I would bet any money that you learnt to play Amazing Grace, Camptown Races, When The Saints or Oh Susanna when you first picked up the harp! These are folk tunes we all know. They can be readily navigated in the key of the harmonica – normally starting from, or ending on, blow 4. That’s traditional straight harp. It’s what the diatonic harmonica was built for.

I’ll put another wager on the fact that, having cracked these pedestrian folk melodies, you then hurried off to cross harp blues playing on a mission to find all the funky bends necessary to sound like Little Walter, Big Walter, James Cotton, Kim Wilson, Sonny Terry and Sonny Boy II. That’s normal! Then you heard Jimmy Reed, or one or two tracks like Sonny Boy II’s Trust My Baby. Somehow cross harp wouldn’t quite deliver the goods. Because they’re playing a blues back in 1st position. Ouch!

So we have to go back to the drawing board and nail the safe notes, bends and licks for 1st position blues playing. As we do so, it quickly becomes apparent that everything seems to take place either at the bottom end or right at the top. Nothing happens in between. So we pick up the signature riff in holes 1 to 4. We learn to dig into, and milk, those crazy bends in draw 2 and 3. We also discover the value of octaving blow holes 1 and 4 to complete each phrase.

Sample 1st position low end signature riff: 3D 4B 3D 2D 3D 2D” 2D” 2B 1B … (or 1B-4B).

Then we get musical and learn the licks that fit over the I, IV and V chords. We discover that a honking, weeping middle bend in draw 3, or a simple repeated switch between draw 3 and blow 4, gives us something to play over the IV chord, before returning to the signature riff over the I chord. Also that our second position trills and runs work well over the the V chord.

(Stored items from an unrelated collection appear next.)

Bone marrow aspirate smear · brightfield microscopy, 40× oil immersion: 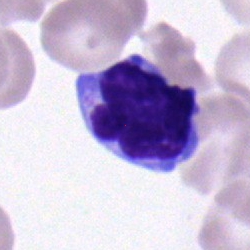

Single cell identified as a typical lymphocyte.
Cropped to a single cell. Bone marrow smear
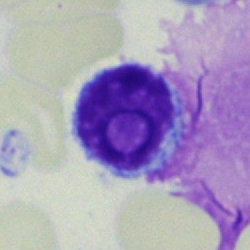 Specimen: bone marrow smear.
Morphological class: lymphocyte.
Lineage: lymphoid.
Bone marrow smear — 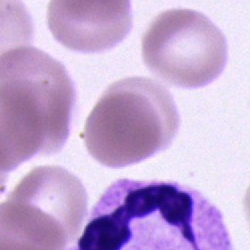Neutrophil (segmented).
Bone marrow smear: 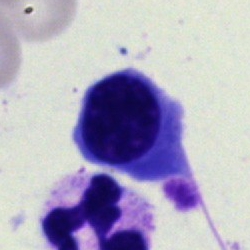
Specimen: bone marrow smear.
Morphological class: nucleated red cell.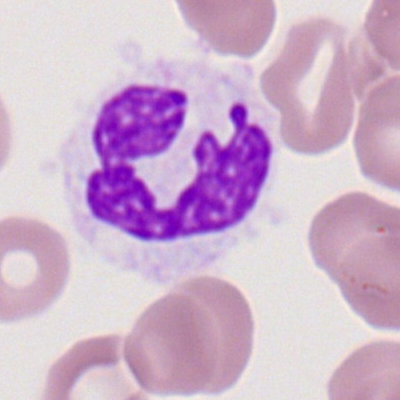Morphological class = segmented neutrophil.
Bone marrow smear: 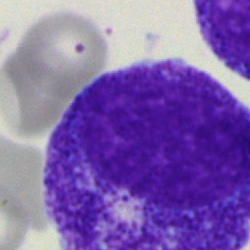 This is a promyelocyte.
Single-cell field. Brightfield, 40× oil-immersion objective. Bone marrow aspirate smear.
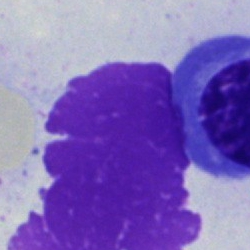Cell type — artifact.
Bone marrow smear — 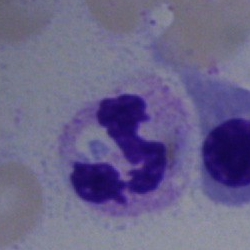This is a segmented neutrophil.

Then we stare at the top end, roll our sleeves up and burst a few blood vessels in search of those blow bends. Jimmy Reed has probably already spent most of the song up there. Honest I Do is a good example. Or else he’s started at the bottom end then jumped up top. Down in Virginia is a prime example.

Sample 1st position top end riff: 9B 9B’ 8B 9B 10B 10B” 9B 10B 9B’ 9B’ 8B 7B

Mark Feltham’s intro to Dog House has us dumbfounded at first. Then we hack into that blow bend monkey swing with him before jumping back down to familiar territory at the bottom end (all on a C harp where the blow bends are tighter than a fish’s chuff). For another consumate example of bottom and top end 1st position blues playing check out Home Run Hitter by Jerry Portnoy.

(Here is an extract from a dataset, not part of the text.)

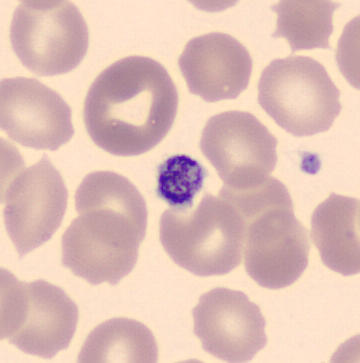
Preparation: Peripheral blood smear.
Cell type — platelet.

So why don’t we use the middle octave?

Because without overblows, we can’t produce a blues scale. On a C harp, the notes we need to find are C Eb F F# G Bb and C. At the top end these notes are fully available in 7B 8B’ 9D 9B’ 9B 10B’ 10B. At the bottom end we can get away with 1B 2B 2D” 2D’ 2D 3D’ 4D. I say ‘get away with’ because blow 2 gives us an E rather than Eb. But it works. Technically there is an Eb available if you can overblow hole 1.

In the middle octave, we are missing Eb, F# and Bb – they’re pretty much all the blue notes! Unless we learn to overblow in holes 4, 5 and 6 respectively, we’re on a hiding to nothing. The C harp diagram illustrates this (click on the diagram to expand). Consequently most players stick with bottom and top end playing.

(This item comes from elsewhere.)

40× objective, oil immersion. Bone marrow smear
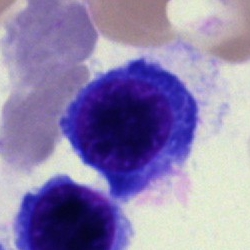 Classification — nucleated red cell.

Here’s the diagram as a PDF for you to download and print.

Crossing the Canyon

So is there anything we can do if we don’t yet overblow? Yes there is! It’s not a lot but there is something. Let’s remind ourselves of the blues scale on a C harp: C Eb F F# G Bb and C and that the E in blow 2 works on the lower octave in lieu of the missing Eb. Now look at holes 4 to 7 on the diagram. Much of the blues scale is lost in normal play, so we have to survive with the remaining safe notes. They are the blow notes C E G C in 4 5 6 and 7 respectively (but easy on the E in blow 5) and the F in draw hole 5.

I recently asked Charlie Musselwhite what he does to cross the Canyon in 1st position blues. His response was, ‘You just see what comes next or what sounds right to you, then start at the top. Get some practice in nomansland. Find out what works with you.’ At the time I was sceptical. This sounded too vague. The options are clearly limited. True to his word however – and why did I ever doubt him? – Charlie comes up with the goods half way through Blues Overtook Me.

1st position mid scale riff: 6B 5B 5D 5B 4B

This riff tucks nicely in just before shifting to the V chord and its associated second position licks. Try it. Meantime if I come across or invent any more Canyon Crossing Riffs I will add them to this post.

Good 1st position harpin to you!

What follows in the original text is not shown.